For practices that operate across the EEA, the discipline of tracking national CASP registers is now part of the standard compliance and audit toolkit. The FMA's 3 July notice is a reminder that the register is live and actively updated.

Source: FMA Liechtenstein

LIGeneralEffectiveAML/KYC & Licensing

FAQ

What does the FMA Liechtenstein CASP registration mean for firms with digital asset clients?

It confirms that a new provider has met the MiCAR requirements for operating as a crypto asset service provider in Liechtenstein. Accounting firms and auditors should use the FMA's public register to verify the regulated status of any Liechtenstein-based digital asset counterparty, particularly given that the MiCA transitional period closed on 1 July 2026.

What is the difference between a MiCAR registration and a MiCAR authorization in Liechtenstein?

Under MiCAR, a registration applies specifically to providers of crypto asset transfer services for the account of clients. A full authorization covers the broader range of CASP services including exchange, custody, and portfolio management. Both require compliance with AML/CFT, governance, and client asset rules, but the permitted activity scope differs.

Can a CASP registered by the FMA Liechtenstein operate in other EEA countries?

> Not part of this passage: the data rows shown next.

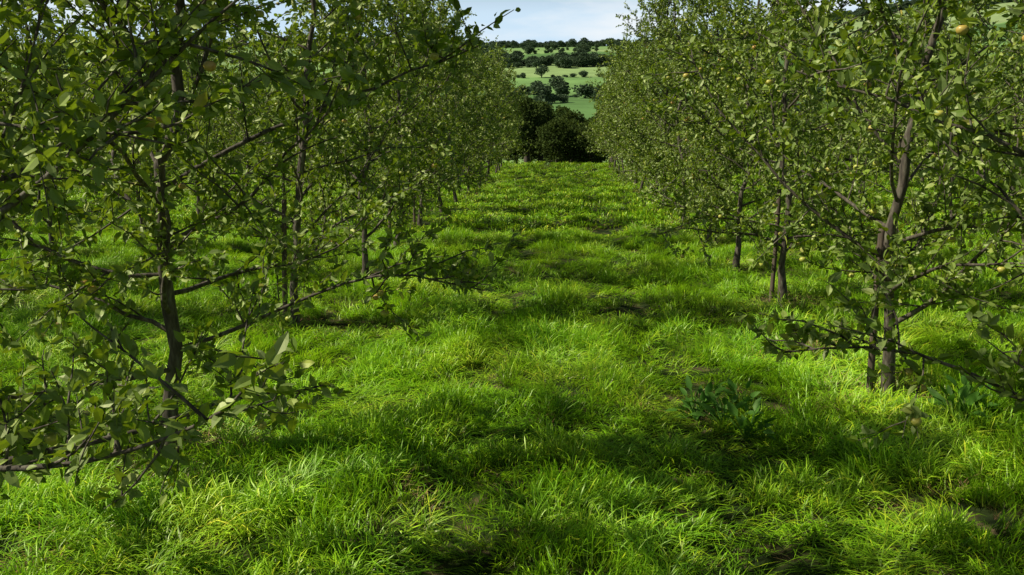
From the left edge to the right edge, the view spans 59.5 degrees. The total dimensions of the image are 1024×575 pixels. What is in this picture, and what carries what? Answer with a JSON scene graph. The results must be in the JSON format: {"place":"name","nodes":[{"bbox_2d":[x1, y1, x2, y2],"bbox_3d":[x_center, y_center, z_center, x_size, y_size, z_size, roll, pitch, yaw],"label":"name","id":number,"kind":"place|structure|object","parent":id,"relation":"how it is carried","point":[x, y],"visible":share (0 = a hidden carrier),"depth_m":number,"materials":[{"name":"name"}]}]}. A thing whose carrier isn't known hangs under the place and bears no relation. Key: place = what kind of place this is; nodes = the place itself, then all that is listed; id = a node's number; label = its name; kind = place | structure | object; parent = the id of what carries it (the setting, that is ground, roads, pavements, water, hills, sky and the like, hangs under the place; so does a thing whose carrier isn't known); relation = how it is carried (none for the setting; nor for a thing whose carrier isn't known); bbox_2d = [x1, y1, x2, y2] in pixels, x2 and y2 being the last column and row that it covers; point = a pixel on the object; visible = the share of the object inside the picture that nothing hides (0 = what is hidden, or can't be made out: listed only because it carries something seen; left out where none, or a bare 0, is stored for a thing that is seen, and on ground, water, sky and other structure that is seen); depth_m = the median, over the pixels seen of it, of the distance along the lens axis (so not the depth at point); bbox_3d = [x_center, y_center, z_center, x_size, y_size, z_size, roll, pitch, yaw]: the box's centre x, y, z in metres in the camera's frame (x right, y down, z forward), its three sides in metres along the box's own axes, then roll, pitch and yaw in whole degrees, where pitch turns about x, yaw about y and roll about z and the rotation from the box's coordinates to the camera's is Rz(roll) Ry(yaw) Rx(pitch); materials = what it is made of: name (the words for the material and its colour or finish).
{"place":"outdoors","nodes":[
{"label":"outdoors","id":0,"kind":"place"},
{"bbox_2d":[0,0,909,45],"label":"sky","id":1,"kind":"structure","parent":0,"point":[542,21],"materials":[{"name":"white"}]},
{"bbox_2d":[0,0,1023,574],"bbox_3d":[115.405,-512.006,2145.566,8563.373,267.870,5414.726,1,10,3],"label":"ground","id":2,"kind":"structure","parent":0,"point":[584,106],"depth_m":6.11,"materials":[{"name":"green plant"}]},
{"bbox_2d":[6,137,56,174],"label":"apple tree","id":3,"kind":"object","parent":2,"relation":"on","point":[52,143],"visible":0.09,"depth_m":11.90,"materials":[{"name":"green plant"}]},
{"bbox_2d":[0,8,84,204],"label":"apple tree","id":4,"kind":"object","parent":2,"relation":"on","point":[39,191],"visible":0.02,"depth_m":22.47,"materials":[{"name":"green plant"}]},
{"bbox_2d":[6,39,94,118],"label":"apple tree","id":5,"kind":"object","parent":2,"relation":"on","point":[50,80],"depth_m":32.83,"materials":[{"name":"green plant"}]},
{"bbox_2d":[0,0,188,243],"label":"apple tree","id":6,"kind":"object","parent":2,"relation":"on","point":[7,87],"visible":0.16,"depth_m":13.75,"materials":[{"name":"green plant"}]},
{"bbox_2d":[55,22,149,196],"bbox_3d":[-12.064,-4.933,25.440,2.998,5.108,2.864,8,13,38],"label":"apple tree","id":7,"kind":"object","parent":2,"relation":"on","point":[83,33],"visible":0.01,"depth_m":25.29,"materials":[{"name":"green plant"}]},
{"bbox_2d":[52,0,185,232],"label":"apple tree","id":8,"kind":"object","parent":2,"relation":"on","point":[146,35],"visible":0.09,"depth_m":16.57,"materials":[{"name":"green plant"}]},
{"bbox_2d":[106,32,186,179],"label":"apple tree","id":9,"kind":"object","parent":2,"relation":"on","point":[143,54],"visible":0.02,"depth_m":28.66,"materials":[{"name":"green plant"}]},
{"bbox_2d":[0,0,369,508],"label":"apple tree","id":10,"kind":"object","parent":2,"relation":"on","point":[78,135],"visible":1,"depth_m":2.90,"materials":[{"name":"green plant"}]},
{"bbox_2d":[155,63,227,182],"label":"apple tree","id":11,"kind":"object","parent":2,"relation":"on","point":[201,126],"visible":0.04,"depth_m":32.03,"materials":[{"name":"green plant"}]},
{"bbox_2d":[168,71,218,159],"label":"apple tree","id":12,"kind":"object","parent":2,"relation":"on","point":[202,121],"depth_m":45.32,"materials":[{"name":"green plant"}]},
{"bbox_2d":[127,3,262,213],"bbox_3d":[-7.131,-4.045,19.851,3.111,5.300,2.971,3,11,17],"label":"apple tree","id":13,"kind":"object","parent":2,"relation":"on","point":[188,84],"visible":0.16,"depth_m":19.89,"materials":[{"name":"green plant"}]},
{"bbox_2d":[194,57,241,170],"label":"apple tree","id":14,"kind":"object","parent":2,"relation":"on","point":[216,128],"visible":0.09,"depth_m":34.78,"materials":[{"name":"green plant"}]},
{"bbox_2d":[177,0,288,201],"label":"apple tree","id":15,"kind":"object","parent":2,"relation":"on","point":[229,117],"visible":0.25,"depth_m":22.97,"materials":[{"name":"green plant"}]},
{"bbox_2d":[221,64,267,172],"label":"apple tree","id":16,"kind":"object","parent":2,"relation":"on","point":[247,115],"visible":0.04,"depth_m":38.08,"materials":[{"name":"green plant"}]},
{"bbox_2d":[0,0,520,476],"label":"apple tree","id":17,"kind":"object","parent":2,"relation":"on","point":[161,260],"visible":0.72,"depth_m":5.07,"materials":[{"name":"green plant"}]},
{"bbox_2d":[229,31,314,193],"bbox_3d":[-6.756,-4.821,25.542,2.662,4.818,2.574,0,10,1],"label":"apple tree","id":18,"kind":"object","parent":2,"relation":"on","point":[283,174],"visible":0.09,"depth_m":25.63,"materials":[{"name":"green plant"}]},
{"bbox_2d":[104,0,464,327],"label":"apple tree","id":19,"kind":"object","parent":2,"relation":"on","point":[313,173],"visible":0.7,"depth_m":8.80,"materials":[{"name":"green plant"}]},
{"bbox_2d":[280,199,288,323],"bbox_3d":[-2.310,-0.142,9.086,0.104,1.501,0.114,4,8,21],"label":"tree stake","id":20,"kind":"object","parent":2,"relation":"on","point":[284,230],"visible":0.56,"depth_m":9.05,"materials":[{"name":"brown wood"}]},
{"bbox_2d":[256,13,337,189],"bbox_3d":[-6.616,-5.841,28.558,3.113,5.846,3.189,8,13,37],"label":"apple tree","id":21,"kind":"object","parent":2,"relation":"on","point":[295,49],"visible":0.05,"depth_m":28.60,"materials":[{"name":"green plant"}]},
{"bbox_2d":[318,50,383,171],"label":"apple tree","id":22,"kind":"object","parent":2,"relation":"on","point":[372,105],"visible":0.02,"depth_m":31.50,"materials":[{"name":"green plant"}]},
{"bbox_2d":[337,69,394,172],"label":"apple tree","id":23,"kind":"object","parent":2,"relation":"on","point":[376,108],"visible":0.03,"depth_m":37.55,"materials":[{"name":"green plant"}]},
{"bbox_2d":[339,65,392,165],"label":"apple tree","id":24,"kind":"object","parent":2,"relation":"on","point":[362,122],"visible":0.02,"depth_m":34.60,"materials":[{"name":"green plant"}]},
{"bbox_2d":[228,0,504,275],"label":"apple tree","id":25,"kind":"object","parent":2,"relation":"on","point":[366,109],"visible":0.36,"depth_m":11.63,"materials":[{"name":"green plant"}]},
{"bbox_2d":[373,60,405,165],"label":"apple tree","id":26,"kind":"object","parent":2,"relation":"on","point":[388,128],"visible":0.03,"depth_m":40.28,"materials":[{"name":"green plant"}]},
{"bbox_2d":[388,199,391,244],"bbox_3d":[-2.027,-1.175,14.856,0.104,1.501,0.114,4,11,23],"label":"tree stake","id":27,"kind":"object","parent":2,"relation":"on","point":[389,208],"visible":0.07,"depth_m":14.82,"materials":[{"name":"brown wood"}]},
{"bbox_2d":[284,0,501,248],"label":"apple tree","id":28,"kind":"object","parent":2,"relation":"on","point":[425,158],"visible":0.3,"depth_m":14.66,"materials":[{"name":"green plant"}]},
{"bbox_2d":[412,168,415,226],"bbox_3d":[-2.001,-1.767,18.363,0.114,1.501,0.104,-8,11,-43],"label":"tree stake","id":29,"kind":"object","parent":2,"relation":"on","point":[414,217],"visible":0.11,"depth_m":18.38,"materials":[{"name":"brown wood"}]},
{"bbox_2d":[350,0,490,226],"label":"apple tree","id":30,"kind":"object","parent":2,"relation":"on","point":[471,73],"visible":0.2,"depth_m":17.91,"materials":[{"name":"green plant"}]},
{"bbox_2d":[361,0,517,212],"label":"apple tree","id":31,"kind":"object","parent":2,"relation":"on","point":[481,146],"visible":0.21,"depth_m":20.98,"materials":[{"name":"green plant"}]},
{"bbox_2d":[411,4,519,203],"bbox_3d":[-1.242,-4.836,23.945,3.113,5.534,3.324,4,11,22],"label":"apple tree","id":32,"kind":"object","parent":2,"relation":"on","point":[508,118],"visible":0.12,"depth_m":23.88,"materials":[{"name":"green plant"}]},
{"bbox_2d":[432,21,517,194],"bbox_3d":[-1.349,-5.275,26.946,3.116,5.292,2.966,-2,10,-8],"label":"apple tree","id":33,"kind":"object","parent":2,"relation":"on","point":[484,156],"visible":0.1,"depth_m":27.02,"materials":[{"name":"green plant"}]},
{"bbox_2d":[445,30,520,187],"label":"apple tree","id":34,"kind":"object","parent":2,"relation":"on","point":[495,103],"visible":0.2,"depth_m":29.85,"materials":[{"name":"green plant"}]},
{"bbox_2d":[465,35,519,182],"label":"apple tree","id":35,"kind":"object","parent":2,"relation":"on","point":[491,85],"visible":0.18,"depth_m":32.65,"materials":[{"name":"green plant"}]},
{"bbox_2d":[465,62,523,172],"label":"apple tree","id":36,"kind":"object","parent":2,"relation":"on","point":[509,123],"visible":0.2,"depth_m":35.78,"materials":[{"name":"green plant"}]},
{"bbox_2d":[475,51,535,166],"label":"apple tree","id":37,"kind":"object","parent":2,"relation":"on","point":[525,134],"visible":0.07,"depth_m":44.88,"materials":[{"name":"green plant"}]},
{"bbox_2d":[478,51,536,172],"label":"apple tree","id":38,"kind":"object","parent":2,"relation":"on","point":[515,105],"visible":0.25,"depth_m":38.72,"materials":[{"name":"green plant"}]},
{"bbox_2d":[490,63,527,170],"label":"apple tree","id":39,"kind":"object","parent":2,"relation":"on","point":[520,150],"visible":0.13,"depth_m":42.09,"materials":[{"name":"green plant"}]},
{"bbox_2d":[1,0,1018,124],"bbox_3d":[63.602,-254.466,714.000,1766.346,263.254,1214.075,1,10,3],"label":"hedgerow trees","id":40,"kind":"object","parent":2,"relation":"on","point":[580,57],"visible":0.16,"depth_m":633.46,"materials":[{"name":"green plant"}]},
{"bbox_2d":[1,88,1023,164],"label":"woodland","id":41,"kind":"object","parent":2,"relation":"on","point":[552,135],"visible":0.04,"depth_m":54.18,"materials":[{"name":"green plant"}]},
{"bbox_2d":[11,159,1018,236],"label":"grass","id":42,"kind":"structure","parent":2,"relation":"on","point":[555,195],"depth_m":23.31,"materials":[{"name":"green plant"}]},
{"bbox_2d":[577,63,632,166],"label":"apple tree","id":43,"kind":"object","parent":2,"relation":"on","point":[590,138],"visible":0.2,"depth_m":45.49,"materials":[{"name":"green plant"}]},
{"bbox_2d":[595,66,627,166],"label":"apple tree","id":44,"kind":"object","parent":2,"relation":"on","point":[606,115],"visible":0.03,"depth_m":42.87,"materials":[{"name":"green plant"}]},
{"bbox_2d":[589,48,642,172],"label":"apple tree","id":45,"kind":"object","parent":2,"relation":"on","point":[601,98],"visible":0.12,"depth_m":36.83,"materials":[{"name":"green plant"}]},
{"bbox_2d":[589,49,643,172],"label":"apple tree","id":46,"kind":"object","parent":2,"relation":"on","point":[602,107],"visible":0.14,"depth_m":39.34,"materials":[{"name":"green plant"}]},
{"bbox_2d":[586,41,668,181],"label":"apple tree","id":47,"kind":"object","parent":2,"relation":"on","point":[612,92],"visible":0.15,"depth_m":33.80,"materials":[{"name":"green plant"}]},
{"bbox_2d":[598,38,679,184],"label":"apple tree","id":48,"kind":"object","parent":2,"relation":"on","point":[615,149],"visible":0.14,"depth_m":30.89,"materials":[{"name":"green plant"}]},
{"bbox_2d":[592,13,688,189],"bbox_3d":[4.120,-5.706,28.078,3.070,5.765,3.145,1,12,-10],"label":"apple tree","id":49,"kind":"object","parent":2,"relation":"on","point":[625,171],"visible":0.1,"depth_m":27.82,"materials":[{"name":"green plant"}]},
{"bbox_2d":[596,1,688,196],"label":"apple tree","id":50,"kind":"object","parent":2,"relation":"on","point":[645,38],"visible":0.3,"depth_m":24.82,"materials":[{"name":"green plant"}]},
{"bbox_2d":[597,0,745,208],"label":"apple tree","id":51,"kind":"object","parent":2,"relation":"on","point":[666,136],"visible":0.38,"depth_m":21.88,"materials":[{"name":"green plant"}]},
{"bbox_2d":[607,0,742,219],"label":"apple tree","id":52,"kind":"object","parent":2,"relation":"on","point":[646,146],"visible":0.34,"depth_m":18.67,"materials":[{"name":"green plant"}]},
{"bbox_2d":[665,375,726,420],"bbox_3d":[1.317,0.802,6.429,0.402,0.334,0.498,5,11,28],"label":"dock plant","id":53,"kind":"object","parent":2,"relation":"on","point":[687,402],"visible":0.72,"depth_m":6.45,"materials":[{"name":"green plant"}]},
{"bbox_2d":[620,0,780,244],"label":"apple tree","id":54,"kind":"object","parent":2,"relation":"on","point":[728,164],"visible":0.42,"depth_m":15.23,"materials":[{"name":"green plant"}]},
{"bbox_2d":[691,58,746,164],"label":"apple tree","id":55,"kind":"object","parent":2,"relation":"on","point":[709,90],"visible":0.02,"depth_m":44.41,"materials":[{"name":"green plant"}]},
{"bbox_2d":[701,50,740,170],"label":"apple tree","id":56,"kind":"object","parent":2,"relation":"on","point":[727,95],"depth_m":41.60,"materials":[{"name":"green plant"}]},
{"bbox_2d":[689,392,763,430],"bbox_3d":[1.452,0.838,6.183,0.371,0.272,0.442,-5,11,-28],"label":"dock plant","id":57,"kind":"object","parent":2,"relation":"on","point":[710,396],"visible":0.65,"depth_m":6.19,"materials":[{"name":"green plant"}]},
{"bbox_2d":[634,0,840,270],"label":"apple tree","id":58,"kind":"object","parent":2,"relation":"on","point":[750,169],"visible":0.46,"depth_m":12.66,"materials":[{"name":"green plant"}]},
{"bbox_2d":[717,377,762,411],"bbox_3d":[1.654,0.775,6.461,0.312,0.259,0.387,-1,10,-3],"label":"dock plant","id":59,"kind":"object","parent":2,"relation":"on","point":[732,386],"visible":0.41,"depth_m":6.44,"materials":[{"name":"green plant"}]},
{"bbox_2d":[720,71,763,174],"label":"apple tree","id":60,"kind":"object","parent":2,"relation":"on","point":[732,119],"visible":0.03,"depth_m":38.45,"materials":[{"name":"green plant"}]},
{"bbox_2d":[716,396,782,441],"bbox_3d":[1.551,0.884,5.858,0.376,0.276,0.449,0,10,2],"label":"dock plant","id":61,"kind":"object","parent":2,"relation":"on","point":[742,421],"visible":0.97,"depth_m":5.86,"materials":[{"name":"green plant"}]},
{"bbox_2d":[727,52,794,174],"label":"apple tree","id":62,"kind":"object","parent":2,"relation":"on","point":[780,66],"visible":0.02,"depth_m":35.63,"materials":[{"name":"green plant"}]},
{"bbox_2d":[769,189,782,300],"bbox_3d":[3.057,-0.390,10.399,0.114,1.501,0.104,-3,10,-24],"label":"tree stake","id":63,"kind":"object","parent":2,"relation":"on","point":[774,260],"visible":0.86,"depth_m":10.37,"materials":[{"name":"brown wood"}]},
{"bbox_2d":[742,31,824,182],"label":"apple tree","id":64,"kind":"object","parent":2,"relation":"on","point":[809,140],"visible":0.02,"depth_m":32.09,"materials":[{"name":"green plant"}]},
{"bbox_2d":[627,0,968,302],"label":"apple tree","id":65,"kind":"object","parent":2,"relation":"on","point":[743,40],"visible":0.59,"depth_m":9.95,"materials":[{"name":"green plant"}]},
{"bbox_2d":[758,46,848,169],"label":"apple tree","id":66,"kind":"object","parent":2,"relation":"on","point":[804,112],"visible":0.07,"depth_m":29.67,"materials":[{"name":"green plant"}]},
{"bbox_2d":[642,0,1023,398],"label":"apple tree","id":67,"kind":"object","parent":2,"relation":"on","point":[890,268],"visible":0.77,"depth_m":6.49,"materials":[{"name":"green plant"}]},
{"bbox_2d":[806,34,894,180],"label":"apple tree","id":68,"kind":"object","parent":2,"relation":"on","point":[821,120],"visible":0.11,"depth_m":26.61,"materials":[{"name":"green plant"}]},
{"bbox_2d":[827,65,873,171],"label":"apple tree","id":69,"kind":"object","parent":2,"relation":"on","point":[850,160],"visible":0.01,"depth_m":40.96,"materials":[{"name":"green plant"}]},
{"bbox_2d":[819,21,902,202],"bbox_3d":[9.177,-4.673,23.903,2.848,5.221,2.780,6,12,29],"label":"apple tree","id":70,"kind":"object","parent":2,"relation":"on","point":[874,109],"visible":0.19,"depth_m":23.91,"materials":[{"name":"green plant"}]},
{"bbox_2d":[849,71,899,153],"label":"apple tree","id":71,"kind":"object","parent":2,"relation":"on","point":[878,91],"visible":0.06,"depth_m":37.45,"materials":[{"name":"green plant"}]},
{"bbox_2d":[866,228,884,396],"bbox_3d":[2.715,0.304,6.733,0.114,1.501,0.104,-5,12,-25],"label":"tree stake","id":72,"kind":"object","parent":2,"relation":"on","point":[871,357],"visible":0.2,"depth_m":6.70,"materials":[{"name":"brown wood"}]},
{"bbox_2d":[736,0,1023,448],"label":"apple tree","id":73,"kind":"object","parent":2,"relation":"on","point":[965,128],"visible":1,"depth_m":3.90,"materials":[{"name":"green plant"}]},
{"bbox_2d":[863,67,919,178],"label":"apple tree","id":74,"kind":"object","parent":2,"relation":"on","point":[887,134],"depth_m":35.08,"materials":[{"name":"green plant"}]},
{"bbox_2d":[834,0,964,188],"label":"apple tree","id":75,"kind":"object","parent":2,"relation":"on","point":[899,137],"visible":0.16,"depth_m":20.66,"materials":[{"name":"green plant"}]},
{"bbox_2d":[882,32,952,183],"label":"apple tree","id":76,"kind":"object","parent":2,"relation":"on","point":[918,124],"visible":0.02,"depth_m":31.72,"materials":[{"name":"green plant"}]},
{"bbox_2d":[925,383,989,422],"bbox_3d":[3.069,0.792,6.198,0.435,0.318,0.518,7,12,33],"label":"dock plant","id":77,"kind":"object","parent":2,"relation":"on","point":[971,398],"visible":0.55,"depth_m":6.16,"materials":[{"name":"green plant"}]},
{"bbox_2d":[898,0,1022,219],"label":"apple tree","id":78,"kind":"object","parent":2,"relation":"on","point":[955,168],"visible":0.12,"depth_m":17.95,"materials":[{"name":"green plant"}]},
{"bbox_2d":[927,39,1013,183],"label":"apple tree","id":79,"kind":"object","parent":2,"relation":"on","point":[980,110],"visible":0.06,"depth_m":28.66,"materials":[{"name":"green plant"}]},
{"bbox_2d":[938,374,1004,410],"bbox_3d":[3.282,0.761,6.364,0.458,0.307,0.370,-6,12,-30],"label":"dock plant","id":80,"kind":"object","parent":2,"relation":"on","point":[963,379],"visible":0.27,"depth_m":6.39,"materials":[{"name":"green plant"}]},
{"bbox_2d":[947,0,1023,243],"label":"apple tree","id":81,"kind":"object","parent":2,"relation":"on","point":[1017,67],"visible":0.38,"depth_m":14.86,"materials":[{"name":"green plant"}]},
{"bbox_2d":[960,53,1017,159],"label":"apple tree","id":82,"kind":"object","parent":2,"relation":"on","point":[994,123],"visible":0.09,"depth_m":38.59,"materials":[{"name":"green plant"}]},
{"bbox_2d":[974,0,1023,194],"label":"apple tree","id":83,"kind":"object","parent":2,"relation":"on","point":[1014,117],"visible":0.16,"depth_m":25.88,"materials":[{"name":"green plant"}]},
{"bbox_2d":[986,57,1023,175],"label":"apple tree","id":84,"kind":"object","parent":2,"relation":"on","point":[1008,110],"visible":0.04,"depth_m":36.13,"materials":[{"name":"green plant"}]}
]}

Yes. MiCAR includes a passporting mechanism that allows a CASP authorized or registered by its home-state competent authority, in this case the FMA, to provide services across the EEA without requiring a separate license in each member state. The home-state regulator remains the lead supervisor.

Where can I verify whether a Liechtenstein entity holds a current CASP registration or authorization?

The FMA maintains a public register of authorized and registered entities. The FMA website is the primary authoritative source. Registration notices such as this one are published as they are granted, and the register reflects current status including any revocations or suspensions.

How should audit teams incorporate CASP registration status into their work?

Auditors should confirm MiCAR registration or authorization status as part of counterparty and going concern assessments. A client that is itself a CASP, or holds material balances with one, presents different regulatory risk depending on whether the CASP holds a current MiCAR status. Engagement terms and working papers should document the verification step and the evidence relied upon.